▸ **Data in this exercise**
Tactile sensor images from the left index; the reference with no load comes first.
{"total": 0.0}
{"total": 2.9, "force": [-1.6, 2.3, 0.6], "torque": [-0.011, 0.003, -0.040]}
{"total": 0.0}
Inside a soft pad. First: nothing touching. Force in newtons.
---
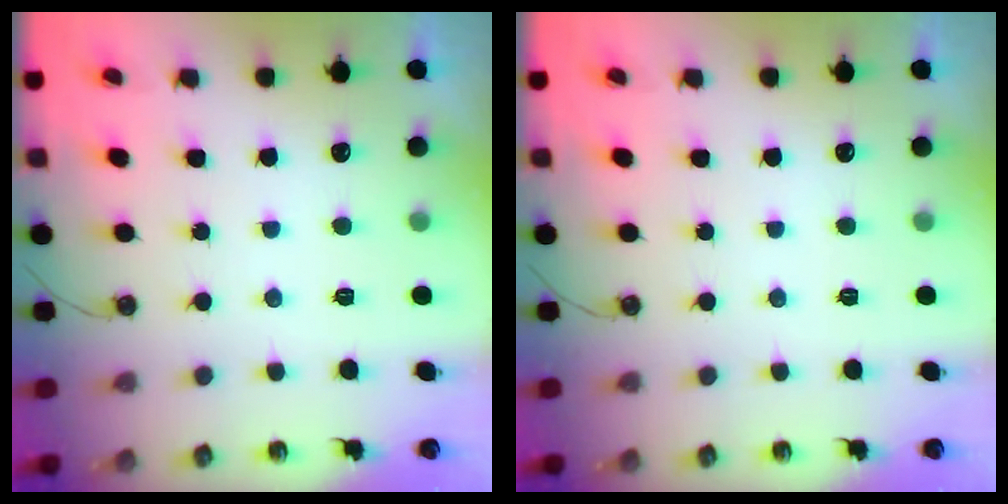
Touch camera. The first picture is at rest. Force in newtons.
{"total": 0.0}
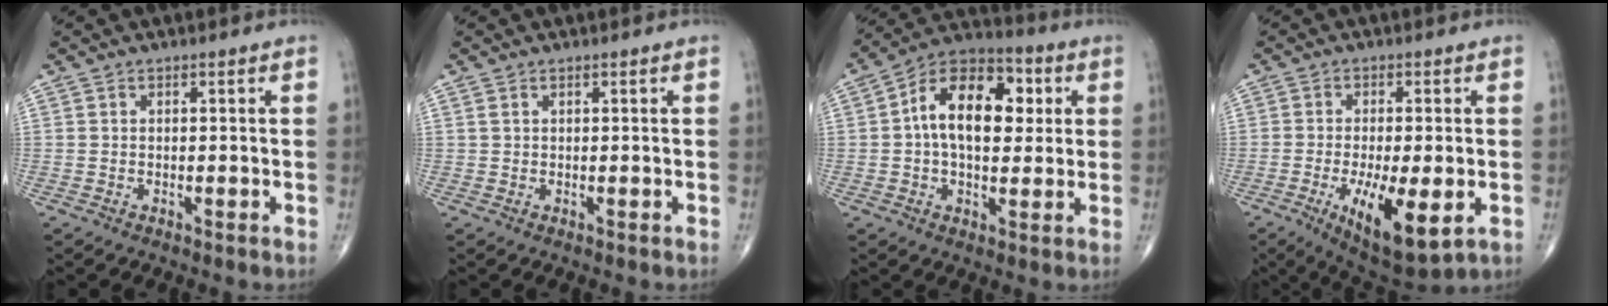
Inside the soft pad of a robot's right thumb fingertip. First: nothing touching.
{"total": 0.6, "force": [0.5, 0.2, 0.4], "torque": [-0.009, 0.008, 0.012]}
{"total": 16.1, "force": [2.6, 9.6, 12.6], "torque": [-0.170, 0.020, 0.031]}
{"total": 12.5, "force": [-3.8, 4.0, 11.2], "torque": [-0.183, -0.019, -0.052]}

▸ **What is needed**
Output, from the data above, the lines from the line with "Tactile sensor images" to the line with "Inside a soft" exactly as they stand, both ends included and nothing else.

▸ **Task answer**
Tactile sensor images from the left index; the reference with no load comes first.
{"total": 0.0}
{"total": 2.9, "force": [-1.6, 2.3, 0.6], "torque": [-0.011, 0.003, -0.040]}
{"total": 0.0}
Inside a soft pad. First: nothing touching. Force in newtons.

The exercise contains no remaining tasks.